"I took a deep breath and listened to the old brag of my heart: I am, I am, I am"
I'm writing this because today, I gave up. I suffered 5 minutes of pure, unadulterated pain under the hands of a callous nurse when changing my dressing. The pain in the stump subsided right after he left but it crept through my heart. For about half an hour, I wept. I grieved the loss of my independence, wept for the pain that is coming in the next few days, weeks, months, shamed of the brave front I have been wearing, I just want it all to stop. I want to hit pause, rewind and get back to the last day of my old life. But it doesn't work that way, thus the quote.
Now, I just want to write about the things I look forward to when this is all over. Instead if hitting rewind, let's fast-forward, shall we?
1. I miss the love-love kisses from my nephew when I come home at 12 midnight. Like her tita, my nephew, who calls me Ate, is a raging insomniac. The love-love sessions usually occur after I hand over my daily pasalubong, him giving me a bear hug and a thousand kisses, me pretending to be absolutely disgusted . I miss dancing along with him to Glee songs (we love Valerie) and singing along to metal (Korn and Nine Inch Nails preferably). I vow to bring Oreos and Yakult everyday and resist the temptation to make him cry because he looks so freaken' adorable when he does.

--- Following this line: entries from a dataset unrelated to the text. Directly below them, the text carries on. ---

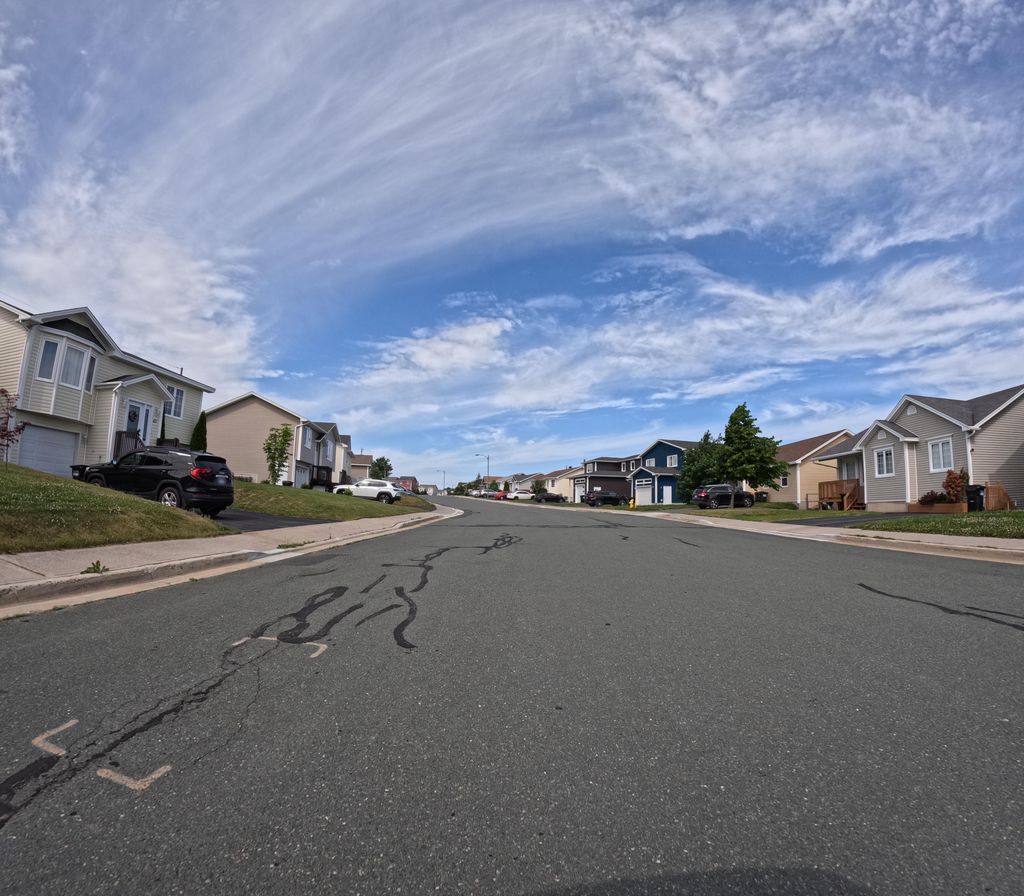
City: st_johns
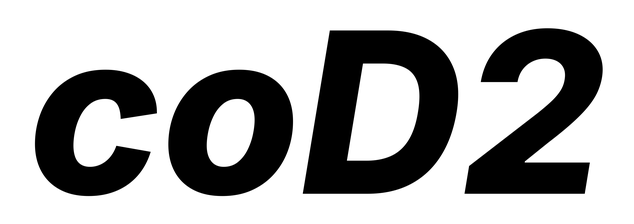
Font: Inter-Italic_ExtraBold_Italic
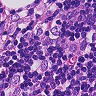
Metastatic tissue present: yes
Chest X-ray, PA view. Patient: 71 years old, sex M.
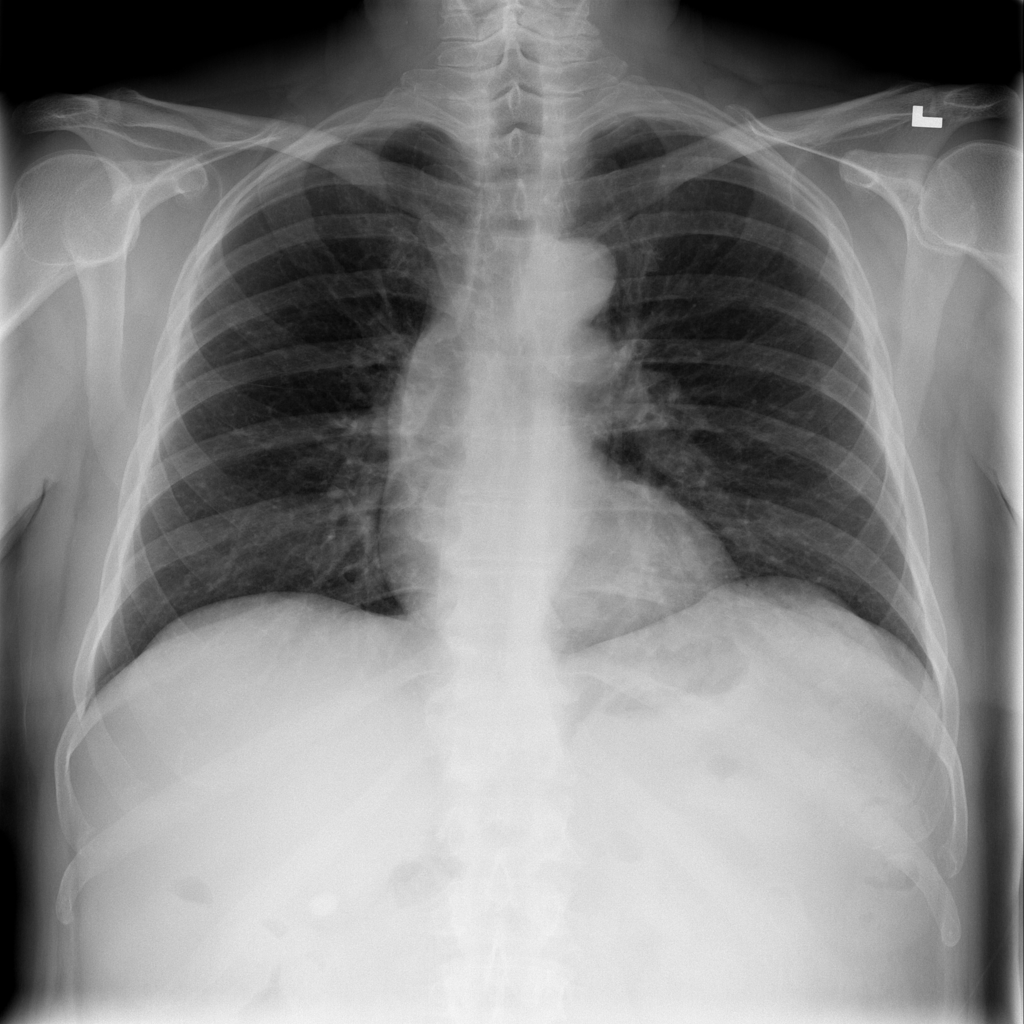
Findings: Infiltration
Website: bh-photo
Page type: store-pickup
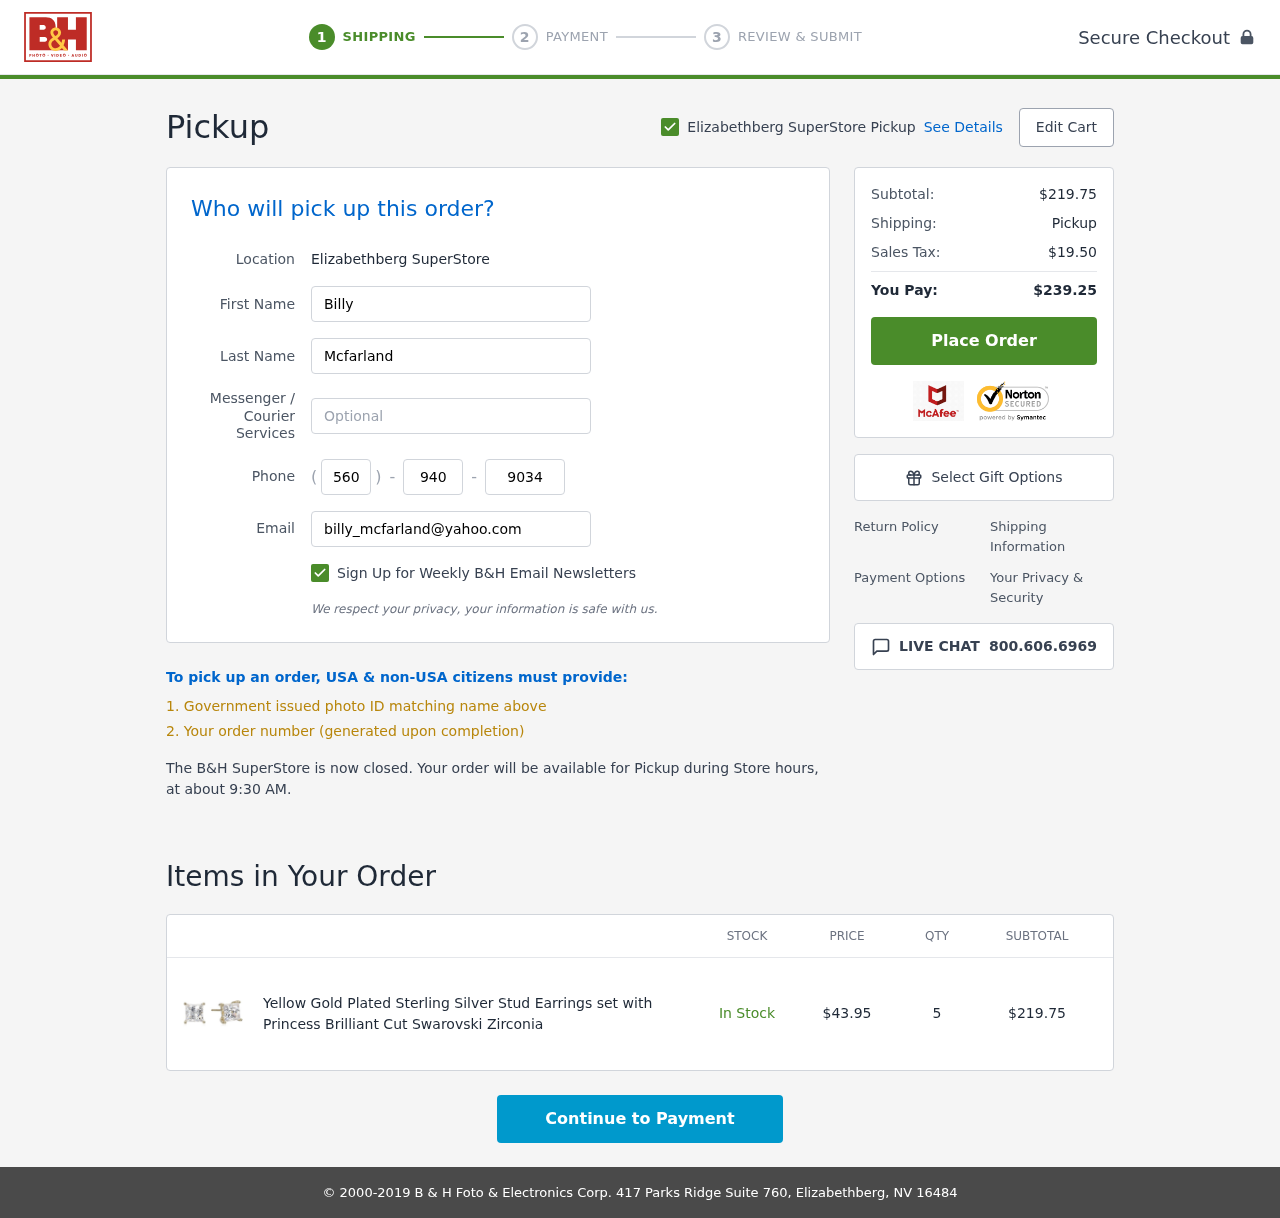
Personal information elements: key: PII_EMAIL
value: billy_mcfarland@yahoo.com
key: PII_FIRSTNAME
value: Billy
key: PII_LASTNAME
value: Mcfarland
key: PII_LOCATION1_CITY
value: Elizabethberg SuperStore Pickup
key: PII_LOCATION1_CITY
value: Elizabethberg SuperStore
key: PII_PHONE_AREA
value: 560
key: PII_PHONE_PREFIX
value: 940
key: PII_PHONE_SUFFIX
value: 9034
Product elements: key: PRODUCT1_NAME
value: Yellow Gold Plated Sterling Silver Stud Earrings set with Princess Brilliant Cut Swarovski Zirconia
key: PRODUCT1_PRICE
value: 43.95
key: PRODUCT1_QUANTITY
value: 5
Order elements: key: ORDER_SUBTOTAL
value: $219.75
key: ORDER_TAX
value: $19.50
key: ORDER_TOTAL
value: $239.25

2. I miss street food - kwek-kwek, banana-q, fishballs/squidballs/chickenballs sa fire station, barbeque sa kanto ng zoble, inihaw na hotdog na iba ang lasa kesa prito sa bahay. Fine, titirahin ko na din ang isaw, balut at betamax. I wanna go back to Elbi and eat Pappu's siomai, orlian sa grove, proven malapit sa whitehouse, fried siomai sa sEx, Mernel's cake, Bugong sa Vega.

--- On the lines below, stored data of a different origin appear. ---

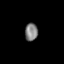
Tissue: skin
Cell type: T cells
Senescence score: 0.1934
Nuclear area (px): 222
Mean DAPI intensity: 128.671
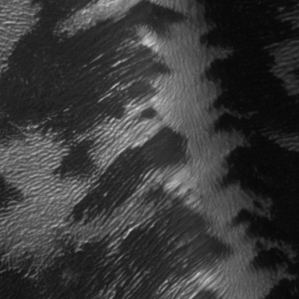
Label: frost
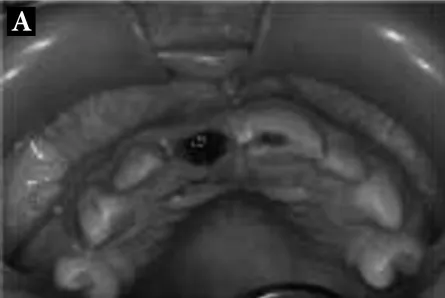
Intraoral examination.
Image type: radiology (mri)
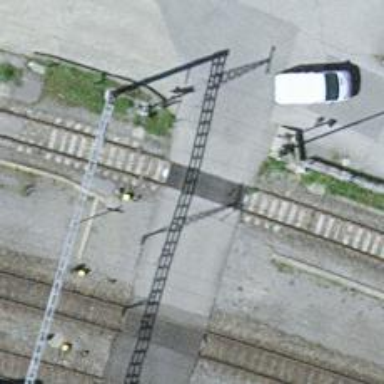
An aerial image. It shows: Level crossing at the railway with full barrier.
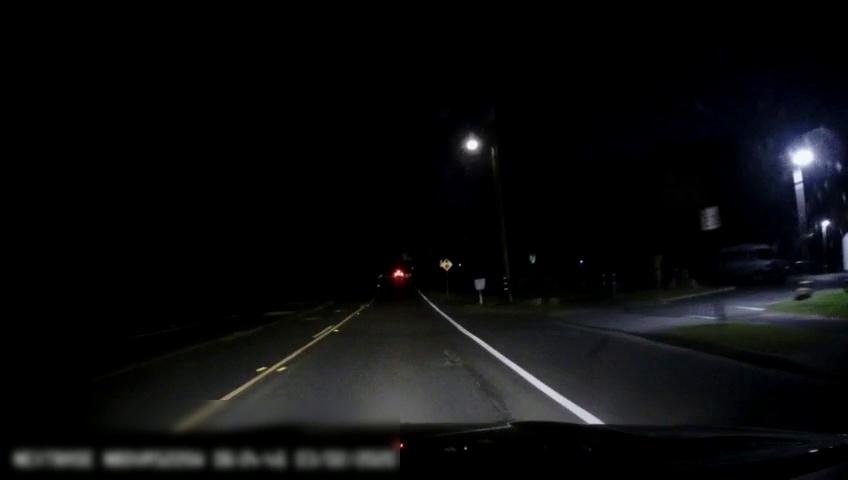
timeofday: Night
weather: Other
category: Drivable Space
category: Vehicles | Van
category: Lanes | Current Lane
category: Lanes | Current Lane
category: Lanes | Alternate Lane
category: Lanes | Opposite Lane
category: Traffic | Signs
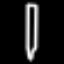
Label: pencil
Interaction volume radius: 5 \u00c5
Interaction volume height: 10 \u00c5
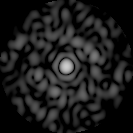
Disorder parameter: 0.8156
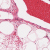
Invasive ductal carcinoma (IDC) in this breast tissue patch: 0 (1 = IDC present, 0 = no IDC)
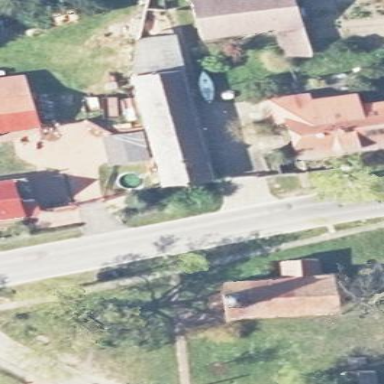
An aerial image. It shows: Simple and straightforward house.
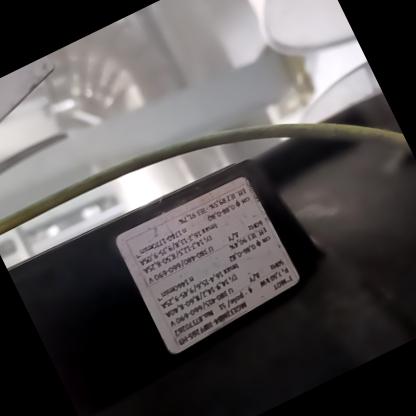
Klasa: tabliczka-znamionowa
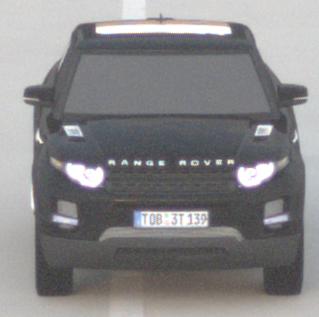
Make: Land Rover
Model: Range Rover Evoque 2.0 Si4
Detailed model: Range Rover Evoque (I)
Model produced from: 2011/08
Model produced until: 2013/11
Doors: 5
Color: black
Road condition: dry road
Daytime: sunrise or sunset
Contrast: low contrast
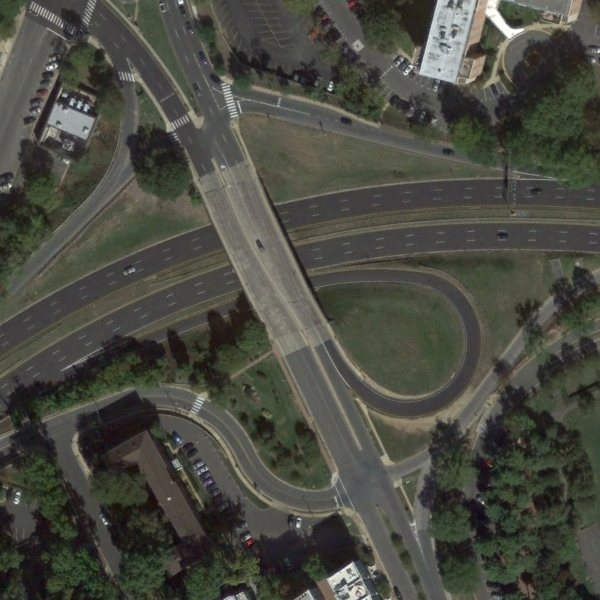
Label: Viaduct
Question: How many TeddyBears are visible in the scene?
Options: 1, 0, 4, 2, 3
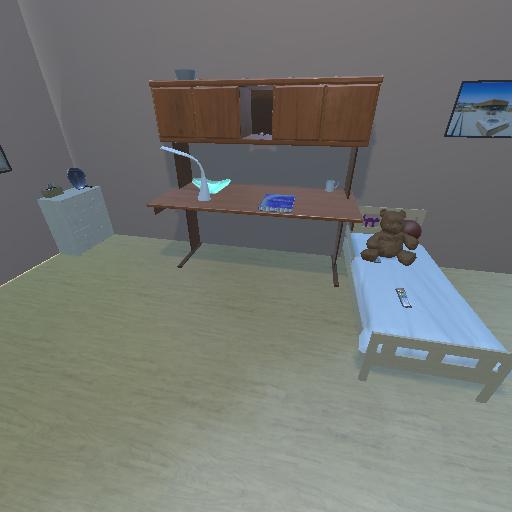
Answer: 1
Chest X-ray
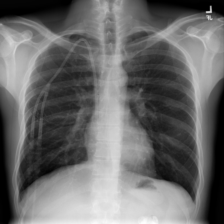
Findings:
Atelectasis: negative
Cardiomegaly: negative
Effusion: negative
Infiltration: negative
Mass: positive
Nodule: negative
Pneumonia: negative
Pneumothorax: negative
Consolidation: negative
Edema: negative
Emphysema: negative
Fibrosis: negative
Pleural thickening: negative
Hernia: negative
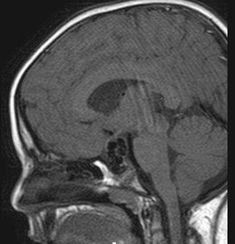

3. I miss my legs. Not just the amputated one, but the pre-tabatsoy legs. My mom used to hoard Avon lotions to undo my tween bakokang days. Growing up with three brothers and dozens of male cousins, I had my collection of scrapes and scars and my mother's biggest fear is that I grow up with ugly legs. Yep, my momma didn't aspire that I grow up pretty or smart or talented, just that I grow up with amazing legs. Sorry Ma, after the physical therapy and all that, mag-lolotion ako araw-araw.
4. I miss artsy-fartsy nights -- red horse Saguijo nights with George, Cubao X with Alejandro and Kuch, bottles of wine with Brandy and Monet at The Collective. I have yet to dine at Van Gogh is Bipolar and experience an earth jam at Ayuyang. I will hold movie marathons at my house based on directors and film genre and compare people's reviews before and after they were drunk. I draw the line at slam poetry nights, though.
5. Speaking of movies, I will watch more 3D movies with Bebe, alhtough it gives me one hell of a headache. Can somebody tell me which is better - putting your eyeglasses under or over the 3D glasses?
6. I miss MEMA lunch (dinner?) dates with Madamme and Paige and the daily piece of heaven that is Ricelab's lemon square. Also, the daily tsismis-fests with Jake, Esgee, Arls and Mich at the pantry when I'm having my first coffee at lunchtime. I now lift the boycott for the food provider at the Ops pantry after the catering brouhaha, because I heard they have great viands sometimes.
7. I miss cooking pasta at 2am, when the hunger pangs strike and the ulam in the fridge just won't suffice. I learned how to cook during the godforsaken early hours of dawn. I still follow Jillian's menudo recipe to the letter and use adobo mix instead of the real vinegar/soy sauce deal, but what the heck. I didn't say I learned how to cook WELL.
8. I will shop for more shoes. Nothing beats the rush of buying something pretty and is there a more beautiful thing that a new pair of shoes? I'll probably buy flats for the rest of my life, but hey, I already had my day of rocking slamming stilletoes.
9. I will climb the Great Wall of China, dammit. I have purchased several tickets to Beijing on numerous occasions, only to have the trip cancelled for whatever reason. I will learn how to use chopsticks (my new year's resolution for the last seven years). I'm salivating at the thought of the noodles and duck and dimsum waiting for me in China.
10. We will have more family trips - to Boracay on Devin's next brithday, picnics at the Lamesa Dam, Enchanted Kingdom on Christmas, the Aguilar-Abad family outing in Laiya, hitting the buffets with my brothers, the promised Disneyland trip with Bebe - probably next year na lang Beb :-(
11. Lastly, I will walk the aisle on Kit's wedding. Payat na ko by that time. And hold my first niece in my arms when she arrives in November.
There, I'm over it. I will probably give up again tomorrow so I might have another list. Or I can file a restraining order against the nurse. If only I can remember how he looks like. Shoot, they all look the same.